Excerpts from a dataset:
....
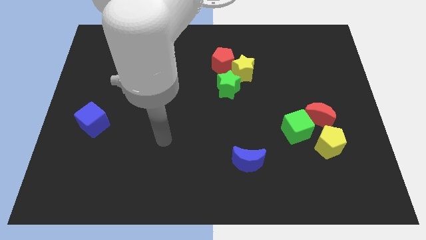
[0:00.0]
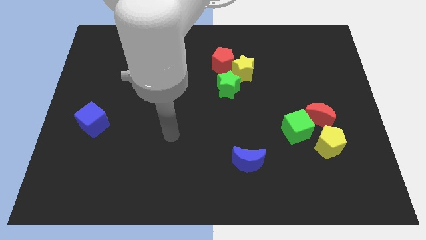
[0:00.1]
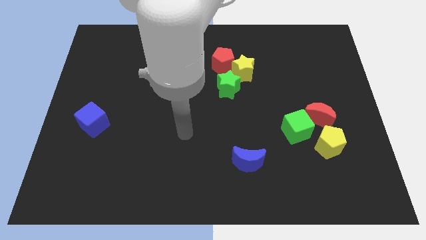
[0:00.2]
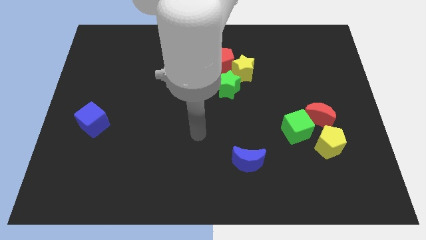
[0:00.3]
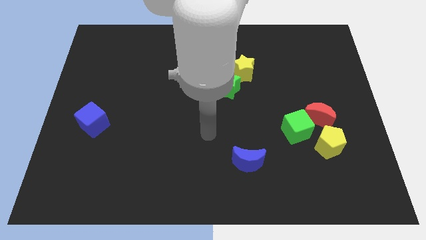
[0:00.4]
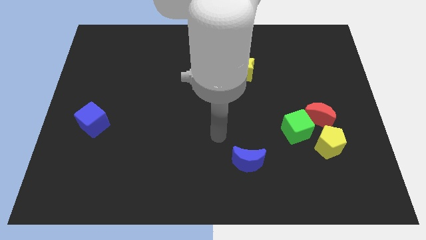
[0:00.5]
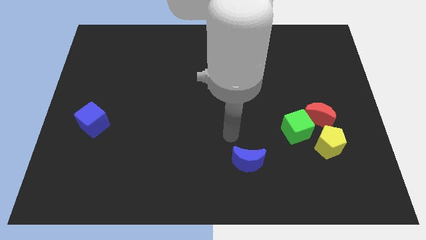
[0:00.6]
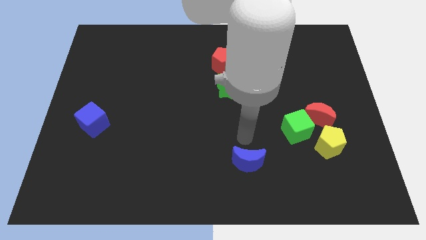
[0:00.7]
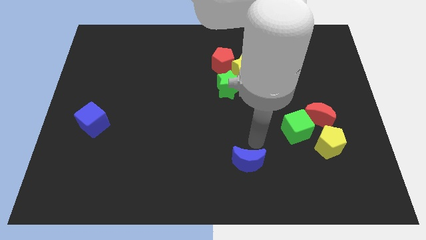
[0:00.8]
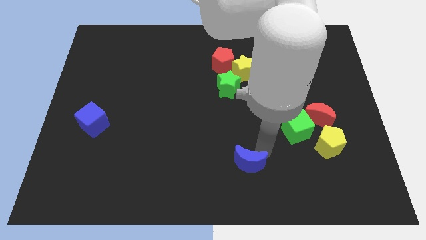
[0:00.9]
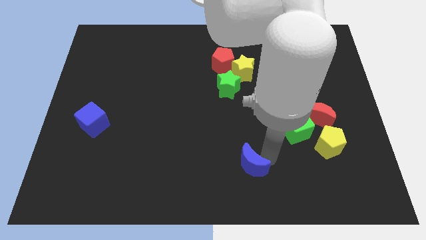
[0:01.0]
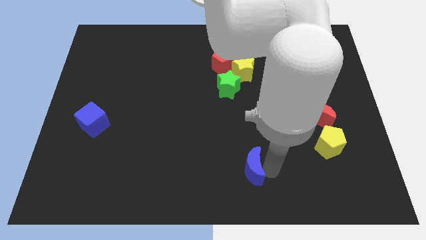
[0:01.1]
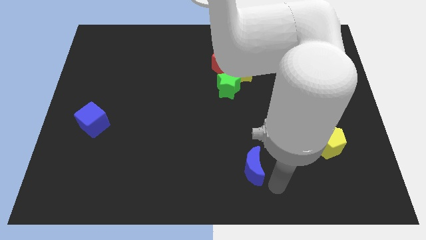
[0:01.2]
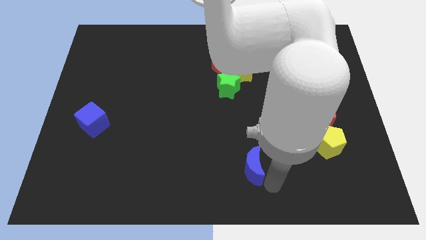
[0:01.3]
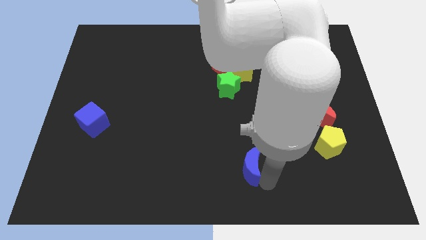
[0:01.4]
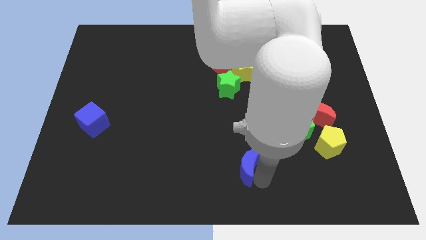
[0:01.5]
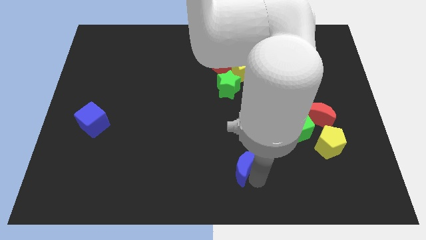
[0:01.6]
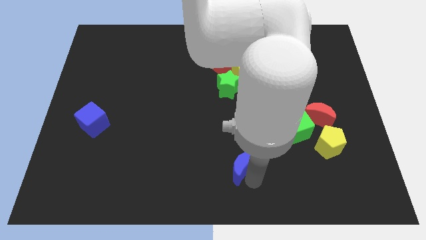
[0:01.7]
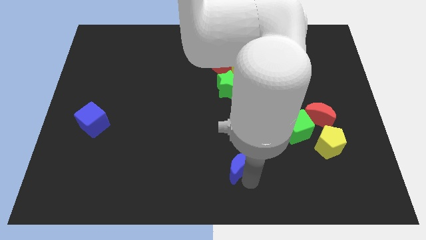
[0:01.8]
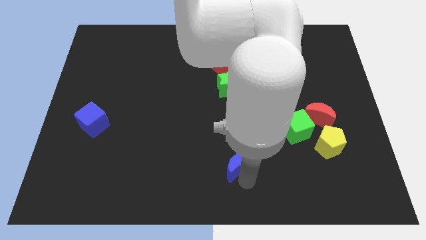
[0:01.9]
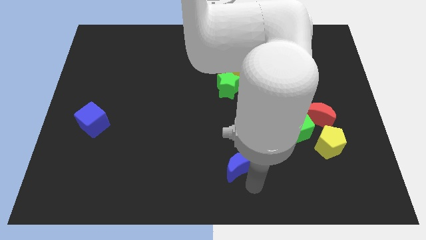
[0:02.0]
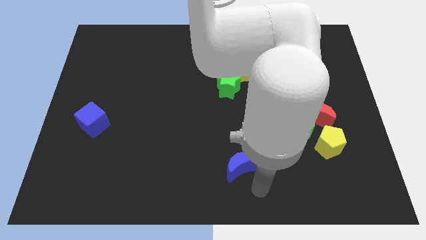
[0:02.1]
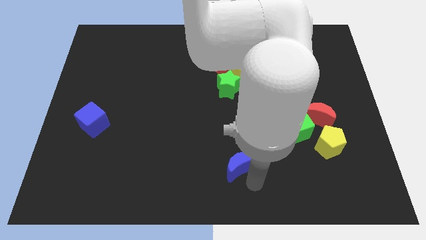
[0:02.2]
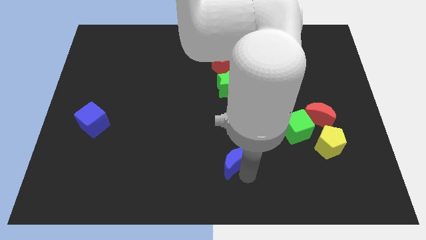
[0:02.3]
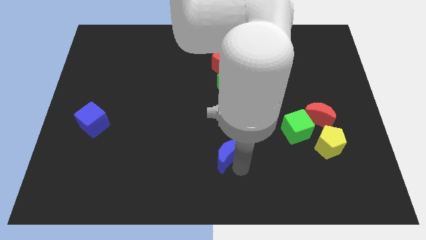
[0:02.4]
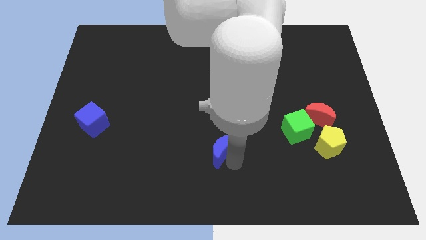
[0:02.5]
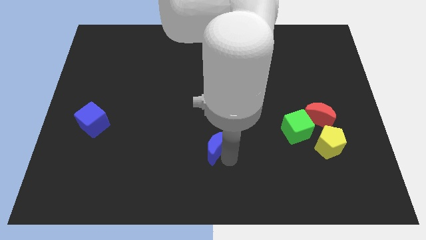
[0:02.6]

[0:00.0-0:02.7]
slightly move the blue moon up and to the left diagonally
....
Work item: What is needed is an exact copy of the data, without any pictures.

Response to the exercise:
[0:00.0]
[0:00.1]
[0:00.2]
[0:00.3]
[0:00.4]
[0:00.5]
[0:00.6]
[0:00.7]
[0:00.8]
[0:00.9]
[0:01.0]
[0:01.1]
[0:01.2]
[0:01.3]
[0:01.4]
[0:01.5]
[0:01.6]
[0:01.7]
[0:01.8]
[0:01.9]
[0:02.0]
[0:02.1]
[0:02.2]
[0:02.3]
[0:02.4]
[0:02.5]
[0:02.6]

[0:00.0-0:02.7]
slightly move the blue moon up and to the left diagonally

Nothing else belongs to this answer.